A three-inch lizard scuttled into the spotlight in December after the U.S. Fish and Wildlife Service proposed moving it onto the Endangered Species List. The dunes sagebrush lizard's habitat covers just eight counties on the Texas-New Mexico border, right in the heart of the Permian Basin, a major oil-producing region. Particularly in Texas, industry leaders and local businesses see the action as hostile — another Obama administration environmental policy targeting their successful, energy-sparked economy.
"This is a lizard versus families," says Bill Hammond, president of the Texas Association of Business, the state's largest business interest group. "Nothing is more important than a job."
Setting 1980s Dallas stereotypes aside, oil and gas production is between 12 and 15 percent of the Texas economy. It's more than 70 percent of the economy in the vast and sparsely populated Permian Basin. The 17-county basin produces nearly 20 percent of all domestic crude oil. Of the eight counties in the lizard's habitat, four are in Texas.

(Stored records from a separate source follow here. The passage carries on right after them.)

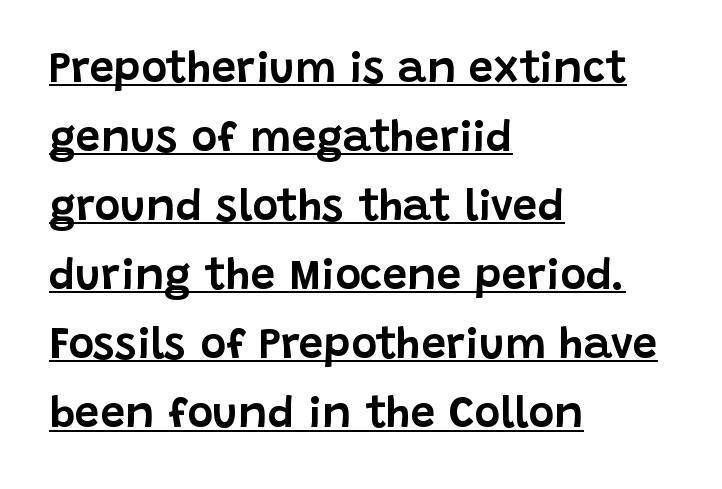
Q: Is the text italic (slanted)? A: No, it is upright.
Q: Is the typeface a serif or a sans-serif typeface? A: Sans-serif.
Q: Is the text underlined? A: Yes.
Q: How is the paragraph aligned? A: Left-aligned.
Q: Is the spacing between letters normal or unusually wide? A: Normal.
Q: Is the spacing between lines tight, normal or loose? A: Normal.
Q: Width (condensed, normal, or wide)? A: Normal.
Q: Stroke contrast? A: Low.
Q: x-height? A: Large.
Q: Monospaced? A: No.

All those are among the top ten oil-yielding counties in the state.
In its proposal to list the lizard as endangered, U.S. Fish and Wildlife argues that several activities fragment the creature's habitat. Together these constitute a clean sweep of the region's economic drivers: oil and gas (particularly exploration), wind turbine erection, and agriculture. The dunes sagebrush lizard resides only in areas with sandy dunes covered by low-lying shinnery oak trees.
A public comment period closed May 9, and U.S. Fish and Wildlife will decide by mid-December whether to put the lizard on the Endangered Species List. An "endangered" finding triggers an assessment period to define the lizard's range and identify protection strategies. At that time, new surface-disrupting economic activity and perhaps maintenance of existing wells and windmills could be hampered.

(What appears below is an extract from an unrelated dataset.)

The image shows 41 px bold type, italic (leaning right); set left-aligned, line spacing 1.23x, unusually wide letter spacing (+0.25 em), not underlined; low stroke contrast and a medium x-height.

Steve Pruett, president and CFO of Midland-based Legacy Reserves LP, explains that stifling exploration threatens the most jobs. He hires subcontractors to operate his rigs, the towering structures used to drill wells. Legacy runs just one rig in the lizard's presumptive habitat, but 131 other rigs are active, each of which drills two wells a month and employs about 150 people.
"We wouldn't be contracting as many wells to be drilled," Pruett says. "Not to mention the general loss of confidence of our investors. We would have less production and less cash to pay out."
According to Permian Basin Petroleum Association president Ben Shepperd, wells produce at diminishing rates, making new exploration vital to retaining blue-collar workers like roughnecks and roustabouts. He cites a study that found a majority of jobs even in the cities of Midland and Odessa depend on oil and gas production.
"If oil and gas were to stop out here, these West Texas towns would just dry up and blow away," Shepperd says. Excluding giants like Chevron, the average Permian Basin Petroleum Association member employs about 10 people.
Texas opponents of listing the lizard dispute the thoroughness of U.S. Fish and Wildlife's science and say they will work cooperatively to rehabilitate the population. Conservation agreements — another way to restore species populations — are already in place in New Mexico. With the agreements, private landowners, businesses, and the government follow a prearranged plan, although Sheppard says signing on can cost an oil business as much as $20,000 per well.
Texas land commissioner Jerry Patterson told an industry rally in Midland in late April that the state's landowners and businesses need a chance to work out agreements with the fish and wildlife service. The state currently enforces mitigation for turtle populations near drilling along the Gulf Coast, an arrangement that followed a court battle. "We can plant a lot of shinnery oak if we need to," Patterson said. "It's not the lizard or us. It's both of us."
Even if Texas, with New Mexico's help, is able to avoid endangered species classification for the dunes sagebrush lizard, a proposed listing for another species in the Permian Basin, the lesser prairie chicken, lurks in the future.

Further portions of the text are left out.